While both versions calculate the same result, they are not equivalent. As shown by the graph earlier, the sub-expression a + b results in an extra node with lifting, whereas xFunc only creates a single node for the whole expression. That's because xLift is equivalent to

// Explicit function
SignalT<int> xLift = MakeSignal
(
    With
    (
        MakeSignal(With(a,b), AddFunctor( )),
        c
    ),
    MultFunctor( )
);

The overloaded operators create a new signal with a function that wraps their operation on the values of the signals.

This presents a dilemma: On the one hand, being able to use operators directly results in more readable code, on the other hand creating additional nodes is rather expensive. They are heap-allocated, cache their value, store their predecessors, the propagation engine has to process them, and the compiler can't optimize the expression.

To resolve this, all r-value signals are merged to a single node. This is requires a new type of signal: TempSignal. Unlike SignalT<U>, TempSignalT<U,Op> also stores information about it's underlying operation in the type. The following code shows the simplified principle:

TempSignalT<int,AddOp<int,int>>
    t = a + b;
TempSignalT<int,MultOp<AddOp<int,int>,int>>
    x = t * c;

When an r-value TempSignal is passed to an operator, it'll move all the data out of the previous node and merge it into the newly created one.
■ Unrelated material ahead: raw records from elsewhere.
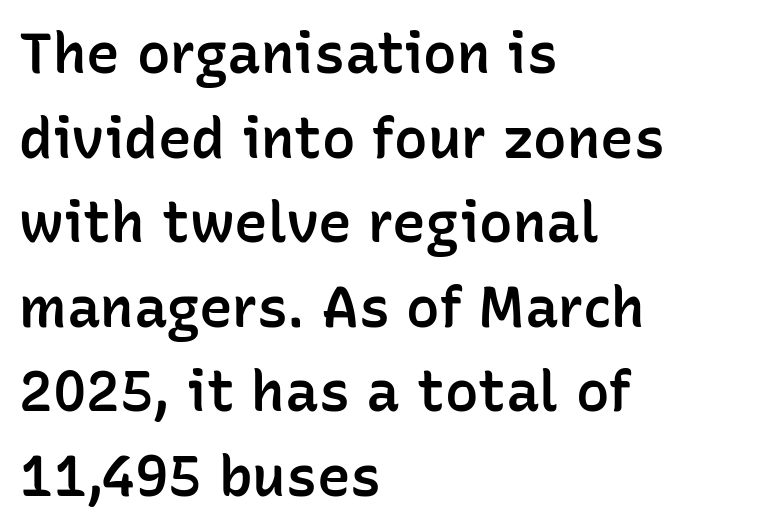
{"serif": "no", "italic": "no", "bold": "semi", "weight": "semibold", "width": "normal", "stroke_contrast": "low", "x_height": "medium", "monospaced": "no", "underline": "no", "align": "left", "line_spacing": "normal", "line_spacing_ratio": 1.51, "letter_spacing": "normal", "letter_spacing_em": 0.0, "glyph_px": 56}
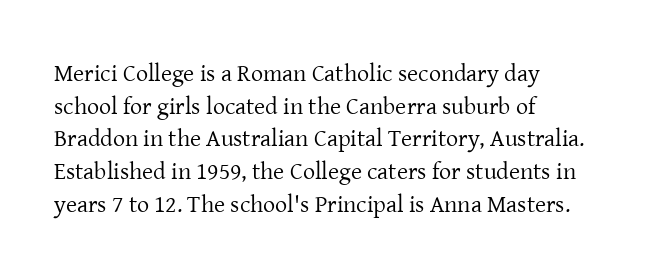
Q: Is the text bold? A: No.
Q: Is the text italic (slanted)? A: No, it is upright.
Q: Is the text underlined? A: No.
Q: How is the paragraph aligned? A: Left-aligned.
Q: Is the spacing between letters normal or unusually wide? A: Normal.
Q: Is the spacing between lines tight, normal or loose? A: Normal.
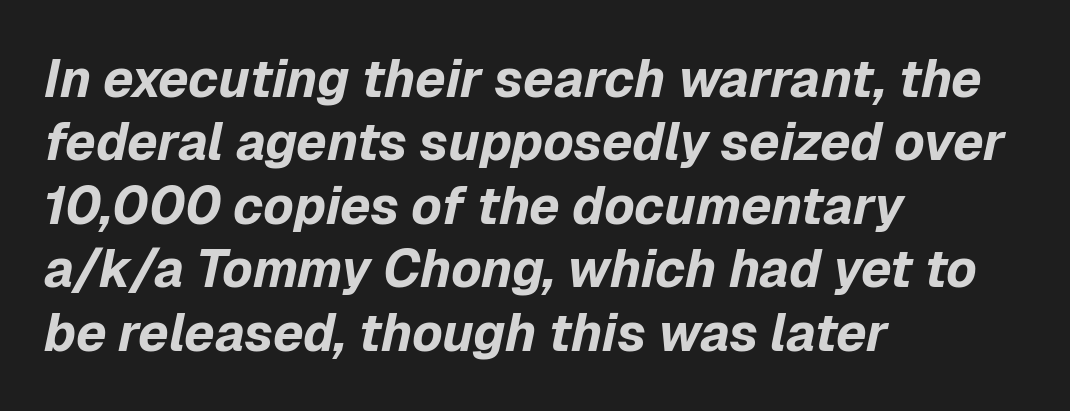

Since the operation is statically encoded in the type, the merged function can be optmized by the compiler. Besides some overhead during creation due to the node merging, the extra cost of temporary nodes is completely mitigated.

TempSignals are usually not exposed outside of temporary expressions, because they get downcasted to regular signals:

SignalT<int> x = (a + b) * c;
  1. a + b returns a TempSignal t
  2. Since t is an r-value, it gets merged by t * c, which returns a TempSignal as well.
  3. By assigning the TempSignal to a Signal, the extra type information is erased.

There is one situation, where temporary signals stay around longer; that is, when using auto. This allows to request node merging manually, for example when creating a complex signal with several intermediate signals:

// t still has its TempSignal type
auto t = a + b; 

// explicitly merged t into x
auto x = std::move(t) * c;

Note that without the std::move, there would be no merging, as t may be a TempSignal but can't be bound to an r-value reference.

Internals

Internally, each SignalT<S> stores a value of type S. When a signal is updated, the following actions take place:

void Update()
{
    S newValue = evaluate(predecessors.Value() ...);

    if (currentValue != newValue)
    {
        currentValue = std::move(newValue);
        D::PropagationPolicy::OnChange(*this);
    }
}

The propagation engine is responsible for calling Update on successors. It may not do so immediately, but order updates so that other predecessors that require updating in the same turn come first. This allows to eliminate repeated re-calculations. It also ensures that all values of predecessors.Value() are consistently from the current turn.